287, Kennington Road onde, no dia 16 de abril de 1889, nasceu Charles Spencer Chaplin, acha-se naquela parte de Londres que a pobreza havia tornado famosa mesmo fora das ilhas britanicas. Ali, entre Whitechapel, East-End e Lambeth, passou Chaplin sua meninice.
"Viviamos num quarto miseravel", recorda Sidney, o irmão mais velho de Chaplin. "Frequentemente, nada tinhamos para comer. Nem Charlie nem eu possuiamos sapatos. Muitas vezes, minha mãe tirava suas botas e um de nós calçava-as para conseguir a sopa popular, a unica refeição do dia para todos nós" (1).
Anos depois, ao falar naqueles tempos longinquos, Chaplin teve a coragem de reconhecer tristemente:
"Naqueles dias, o unico elemento constante da minha vida foi a fome e o medo do amanhã, o continuo, ininterrupto medo do amanhã. E não há nada que me possa libertar deste medo, nenhum sucesso, nenhuma prosperidade. Fiquei marcado para sempre por este temor da pobreza e da privação" (2).
Quando a mãe de Charles, após a morte do marido, não mais conseguindo manter as crianças, foi acometida de uma depressão nervosa que a conduziria ao hospicio, Charles e Sidney acostumaram-se a dormir na rua e a alimentar-se de frutas estragadas, roubadas habilmente das feiras.

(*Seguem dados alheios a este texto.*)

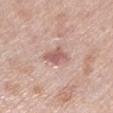<tbp_lesion>
  <biopsy_status>not biopsied; imaged during a skin examination</biopsy_status>
  <patient>
    <sex>female</sex>
    <age_approx>65</age_approx>
  </patient>
  <automated_metrics>
    <cielab_L>59</cielab_L>
    <cielab_a>22</cielab_a>
    <cielab_b>24</cielab_b>
    <border_irregularity_0_10>2.5</border_irregularity_0_10>
    <peripheral_color_asymmetry>1.0</peripheral_color_asymmetry>
    <nevus_likeness_0_100>5</nevus_likeness_0_100>
  </automated_metrics>
  <lesion_size>
    <long_diameter_mm_approx>3.0</long_diameter_mm_approx>
  </lesion_size>
  <site>left lower leg</site>
  <image>
    <source>total-body photography crop</source>
    <field_of_view_mm>15</field_of_view_mm>
  </image>
  <lighting>white-light</lighting>
</tbp_lesion>
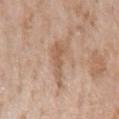Recorded during total-body skin imaging; not selected for excision or biopsy.
A female subject approximately 70 years of age.
On the left forearm.
A 15 mm crop from a total-body photograph taken for skin-cancer surveillance.
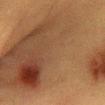The subject is a female aged 38–42. A lesion tile, about 15 mm wide, cut from a 3D total-body photograph. Automated image analysis of the tile measured a footprint of about 180 mm². The analysis additionally found a nevus-likeness score of about 40/100 and a detector confidence of about 95 out of 100 that the crop contains a lesion. The recorded lesion diameter is about 20.5 mm. This is a cross-polarized tile. Located on the abdomen.
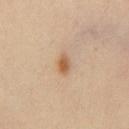Clinical impression: This lesion was catalogued during total-body skin photography and was not selected for biopsy. Image and clinical context: A 15 mm close-up tile from a total-body photography series done for melanoma screening. The recorded lesion diameter is about 3 mm. On the chest. A male patient in their 50s. The total-body-photography lesion software estimated a lesion area of about 3.5 mm², an outline eccentricity of about 0.85 (0 = round, 1 = elongated), and a symmetry-axis asymmetry near 0.15. It also reported a lesion color around L≈57 a*≈19 b*≈35 in CIELAB, about 11 CIELAB-L* units darker than the surrounding skin, and a normalized border contrast of about 8. The analysis additionally found a border-irregularity rating of about 1.5/10, a within-lesion color-variation index near 2.5/10, and a peripheral color-asymmetry measure near 1. This is a cross-polarized tile.
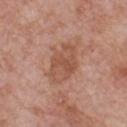<case>
<site>chest</site>
<lesion_size>
  <long_diameter_mm_approx>5.5</long_diameter_mm_approx>
</lesion_size>
<image>
  <source>total-body photography crop</source>
  <field_of_view_mm>15</field_of_view_mm>
</image>
<automated_metrics>
  <eccentricity>0.8</eccentricity>
  <cielab_L>53</cielab_L>
  <cielab_a>22</cielab_a>
  <cielab_b>30</cielab_b>
  <vs_skin_darker_L>8.0</vs_skin_darker_L>
</automated_metrics>
<patient>
  <sex>male</sex>
  <age_approx>60</age_approx>
</patient>
</case>
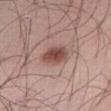Recorded during total-body skin imaging; not selected for excision or biopsy. The lesion is on the abdomen. A male patient, aged 53–57. The lesion-visualizer software estimated a mean CIELAB color near L≈49 a*≈21 b*≈23. The software also gave a nevus-likeness score of about 95/100 and a detector confidence of about 100 out of 100 that the crop contains a lesion. A lesion tile, about 15 mm wide, cut from a 3D total-body photograph.
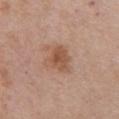Q: Was this lesion biopsied?
A: total-body-photography surveillance lesion; no biopsy
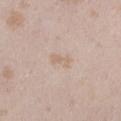| key | value |
|---|---|
| follow-up | catalogued during a skin exam; not biopsied |
| TBP lesion metrics | a border-irregularity index near 3/10, internal color variation of about 1.5 on a 0–10 scale, and peripheral color asymmetry of about 0.5; a classifier nevus-likeness of about 0/100 and a lesion-detection confidence of about 100/100 |
| body site | the leg |
| image source | total-body-photography crop, ~15 mm field of view |
| lighting | white-light illumination |
| patient | female, aged approximately 25 |
| lesion diameter | about 3 mm |
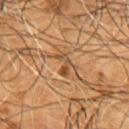workup = imaged on a skin check; not biopsied | anatomic site = the chest | acquisition = ~15 mm crop, total-body skin-cancer survey | patient = male, aged around 55 | tile lighting = cross-polarized.
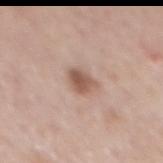  biopsy_status: not biopsied; imaged during a skin examination
  patient:
    sex: female
    age_approx: 65
  site: back
  image:
    source: total-body photography crop
    field_of_view_mm: 15
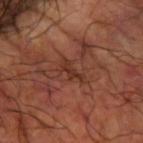No biopsy was performed on this lesion — it was imaged during a full skin examination and was not determined to be concerning.
This image is a 15 mm lesion crop taken from a total-body photograph.
Captured under cross-polarized illumination.
The patient is a male aged 58 to 62.
Located on the right forearm.
Longest diameter approximately 3 mm.
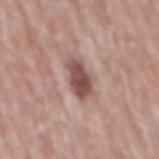Assessment:
This lesion was catalogued during total-body skin photography and was not selected for biopsy.
Clinical summary:
Longest diameter approximately 4 mm. Automated tile analysis of the lesion measured a lesion area of about 7 mm². The software also gave border irregularity of about 2 on a 0–10 scale and peripheral color asymmetry of about 1. On the mid back. Cropped from a total-body skin-imaging series; the visible field is about 15 mm. The patient is a male roughly 70 years of age.
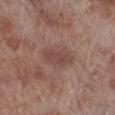Q: How was the tile lit?
A: white-light illumination
Q: Lesion size?
A: ≈4 mm
Q: Lesion location?
A: the left lower leg
Q: What are the patient's age and sex?
A: male, aged approximately 70
Q: What kind of image is this?
A: ~15 mm tile from a whole-body skin photo
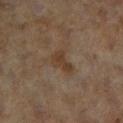  biopsy_status: not biopsied; imaged during a skin examination
  site: right lower leg
  patient:
    sex: female
    age_approx: 60
  image:
    source: total-body photography crop
    field_of_view_mm: 15
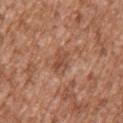Clinical impression:
Imaged during a routine full-body skin examination; the lesion was not biopsied and no histopathology is available.
Acquisition and patient details:
The tile uses white-light illumination. The total-body-photography lesion software estimated a lesion area of about 5.5 mm², an eccentricity of roughly 0.85, and a symmetry-axis asymmetry near 0.3. The software also gave a border-irregularity index near 3/10 and radial color variation of about 1.5. The software also gave a lesion-detection confidence of about 100/100. A male patient, aged around 45. Approximately 3.5 mm at its widest. A region of skin cropped from a whole-body photographic capture, roughly 15 mm wide. On the arm.
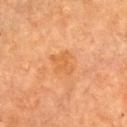Automated image analysis of the tile measured a footprint of about 6 mm², an eccentricity of roughly 0.5, and a symmetry-axis asymmetry near 0.25. Approximately 3 mm at its widest. The tile uses cross-polarized illumination. On the chest. A 15 mm close-up extracted from a 3D total-body photography capture. A female patient about 60 years old.
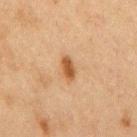Notes:
- follow-up · imaged on a skin check; not biopsied
- lesion diameter · ~3 mm (longest diameter)
- subject · male, aged 73 to 77
- lighting · cross-polarized illumination
- site · the mid back
- automated metrics · an average lesion color of about L≈44 a*≈19 b*≈33 (CIELAB), roughly 11 lightness units darker than nearby skin, and a normalized lesion–skin contrast near 9
- image · ~15 mm tile from a whole-body skin photo
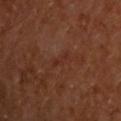notes: total-body-photography surveillance lesion; no biopsy
site: the upper back
tile lighting: cross-polarized
patient: male, in their mid- to late 60s
image source: total-body-photography crop, ~15 mm field of view
lesion size: ≈2.5 mm
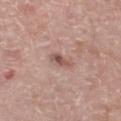biopsy_status: not biopsied; imaged during a skin examination
image:
  source: total-body photography crop
  field_of_view_mm: 15
patient:
  sex: male
  age_approx: 55
lighting: white-light
site: left lower leg
automated_metrics:
  border_irregularity_0_10: 3.5
  color_variation_0_10: 3.5
  peripheral_color_asymmetry: 1.0
  nevus_likeness_0_100: 5
  lesion_detection_confidence_0_100: 100
lesion_size:
  long_diameter_mm_approx: 2.5
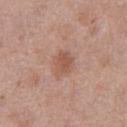{"biopsy_status": "not biopsied; imaged during a skin examination", "lighting": "white-light", "patient": {"sex": "female", "age_approx": 40}, "image": {"source": "total-body photography crop", "field_of_view_mm": 15}, "automated_metrics": {"border_irregularity_0_10": 2.0, "color_variation_0_10": 2.5, "peripheral_color_asymmetry": 1.0}, "site": "right thigh"}
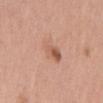follow-up=total-body-photography surveillance lesion; no biopsy | imaging modality=total-body-photography crop, ~15 mm field of view | diameter=about 4 mm | patient=female, aged 38 to 42 | site=the mid back | TBP lesion metrics=a lesion-detection confidence of about 100/100 | illumination=white-light.
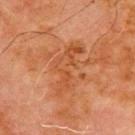Recorded during total-body skin imaging; not selected for excision or biopsy.
A male patient, aged approximately 70.
A 15 mm close-up tile from a total-body photography series done for melanoma screening.
Captured under cross-polarized illumination.
Located on the chest.
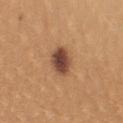image-analysis metrics: an area of roughly 7.5 mm², an eccentricity of roughly 0.4, and a shape-asymmetry score of about 0.15 (0 = symmetric); a mean CIELAB color near L≈46 a*≈21 b*≈30, a lesion–skin lightness drop of about 15, and a normalized border contrast of about 12; a border-irregularity rating of about 1.5/10 and a peripheral color-asymmetry measure near 1.5; a classifier nevus-likeness of about 80/100 and lesion-presence confidence of about 100/100
anatomic site: the arm
image source: ~15 mm crop, total-body skin-cancer survey
diameter: about 3 mm
patient: female, in their mid- to late 20s
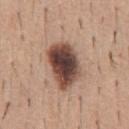Context:
On the chest. Cropped from a total-body skin-imaging series; the visible field is about 15 mm. Approximately 6 mm at its widest. Captured under white-light illumination. The patient is a male approximately 40 years of age.
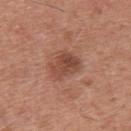Part of a total-body skin-imaging series; this lesion was reviewed on a skin check and was not flagged for biopsy. Automated tile analysis of the lesion measured a lesion area of about 8.5 mm², a shape eccentricity near 0.7, and two-axis asymmetry of about 0.25. It also reported a lesion color around L≈47 a*≈23 b*≈29 in CIELAB, about 10 CIELAB-L* units darker than the surrounding skin, and a normalized border contrast of about 7.5. A 15 mm close-up tile from a total-body photography series done for melanoma screening. A male subject roughly 30 years of age. The recorded lesion diameter is about 4 mm. On the upper back.
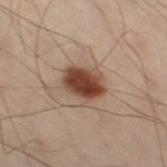Imaged during a routine full-body skin examination; the lesion was not biopsied and no histopathology is available.
A roughly 15 mm field-of-view crop from a total-body skin photograph.
On the left leg.
The patient is a male about 50 years old.
This is a cross-polarized tile.
Automated tile analysis of the lesion measured a lesion color around L≈35 a*≈16 b*≈23 in CIELAB and about 13 CIELAB-L* units darker than the surrounding skin. The analysis additionally found a nevus-likeness score of about 100/100 and a detector confidence of about 100 out of 100 that the crop contains a lesion.
Measured at roughly 4.5 mm in maximum diameter.
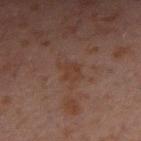Assessment:
This lesion was catalogued during total-body skin photography and was not selected for biopsy.
Image and clinical context:
The lesion is on the right forearm. A lesion tile, about 15 mm wide, cut from a 3D total-body photograph. Automated image analysis of the tile measured a nevus-likeness score of about 0/100. About 2.5 mm across. Imaged with cross-polarized lighting. The subject is a male aged around 30.
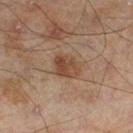Case summary:
• follow-up: catalogued during a skin exam; not biopsied
• diameter: ~3 mm (longest diameter)
• subject: male, aged approximately 45
• body site: the left lower leg
• lighting: cross-polarized illumination
• image-analysis metrics: an area of roughly 7 mm² and an outline eccentricity of about 0.6 (0 = round, 1 = elongated); a border-irregularity index near 2.5/10, internal color variation of about 4 on a 0–10 scale, and radial color variation of about 1.5
• imaging modality: ~15 mm tile from a whole-body skin photo
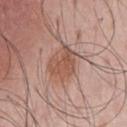The lesion was tiled from a total-body skin photograph and was not biopsied. A lesion tile, about 15 mm wide, cut from a 3D total-body photograph. The subject is a male in their 60s. The lesion is on the chest.
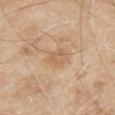| feature | finding |
|---|---|
| notes | total-body-photography surveillance lesion; no biopsy |
| subject | male, approximately 80 years of age |
| image source | ~15 mm crop, total-body skin-cancer survey |
| anatomic site | the back |
| size | ~3 mm (longest diameter) |
| tile lighting | white-light |
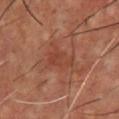biopsy_status: not biopsied; imaged during a skin examination
patient:
  sex: male
  age_approx: 55
site: chest
image:
  source: total-body photography crop
  field_of_view_mm: 15
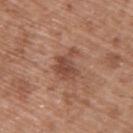| key | value |
|---|---|
| biopsy status | total-body-photography surveillance lesion; no biopsy |
| tile lighting | white-light illumination |
| acquisition | ~15 mm crop, total-body skin-cancer survey |
| location | the upper back |
| patient | male, roughly 50 years of age |
| diameter | ≈3.5 mm |
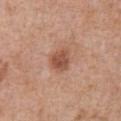{
  "biopsy_status": "not biopsied; imaged during a skin examination",
  "lesion_size": {
    "long_diameter_mm_approx": 3.0
  },
  "lighting": "white-light",
  "site": "front of the torso",
  "image": {
    "source": "total-body photography crop",
    "field_of_view_mm": 15
  },
  "patient": {
    "sex": "male",
    "age_approx": 70
  }
}
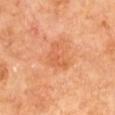biopsy_status: not biopsied; imaged during a skin examination
image:
  source: total-body photography crop
  field_of_view_mm: 15
patient:
  sex: male
  age_approx: 65
site: left upper arm
automated_metrics:
  cielab_L: 58
  cielab_a: 29
  cielab_b: 39
  vs_skin_darker_L: 7.0
  vs_skin_contrast_norm: 5.0
  peripheral_color_asymmetry: 0.5
  lesion_detection_confidence_0_100: 100
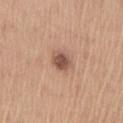<lesion>
  <biopsy_status>not biopsied; imaged during a skin examination</biopsy_status>
  <lighting>white-light</lighting>
  <image>
    <source>total-body photography crop</source>
    <field_of_view_mm>15</field_of_view_mm>
  </image>
  <lesion_size>
    <long_diameter_mm_approx>3.0</long_diameter_mm_approx>
  </lesion_size>
  <patient>
    <sex>male</sex>
    <age_approx>65</age_approx>
  </patient>
  <site>chest</site>
</lesion>
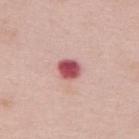This lesion was catalogued during total-body skin photography and was not selected for biopsy. A female patient aged 63 to 67. The tile uses white-light illumination. This image is a 15 mm lesion crop taken from a total-body photograph. Located on the back. Longest diameter approximately 2.5 mm.
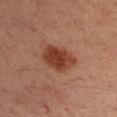<record>
  <biopsy_status>not biopsied; imaged during a skin examination</biopsy_status>
  <site>left upper arm</site>
  <patient>
    <sex>male</sex>
    <age_approx>35</age_approx>
  </patient>
  <image>
    <source>total-body photography crop</source>
    <field_of_view_mm>15</field_of_view_mm>
  </image>
  <lesion_size>
    <long_diameter_mm_approx>4.5</long_diameter_mm_approx>
  </lesion_size>
</record>
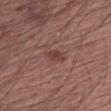The lesion was photographed on a routine skin check and not biopsied; there is no pathology result. A male patient aged 63–67. Approximately 2.5 mm at its widest. The lesion is located on the left upper arm. Captured under white-light illumination. A close-up tile cropped from a whole-body skin photograph, about 15 mm across.
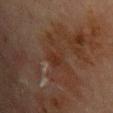Impression: Captured during whole-body skin photography for melanoma surveillance; the lesion was not biopsied. Acquisition and patient details: About 5 mm across. A male patient aged around 70. The lesion is on the back. A 15 mm close-up extracted from a 3D total-body photography capture.

Ademais, "Charles conseguira uma especialidade: com pedaços de madeira e pedaços de cortiça que encontrava no lixo, fabricava pequenos barcos; vendia-os a outras crianças por um penny..." (3).
Muitos inimigos de Chaplin adulto, do Chaplin famoso, franco, corajoso, zombariam destas recordações do irmão. Para eles, um "senso inato dos negocios teria preservado o pequeno Chaplin da miseria" - senso inato, pois, embora se tratasse da criança de uns seis anos apenas, Charles Chaplin era de origem judaica.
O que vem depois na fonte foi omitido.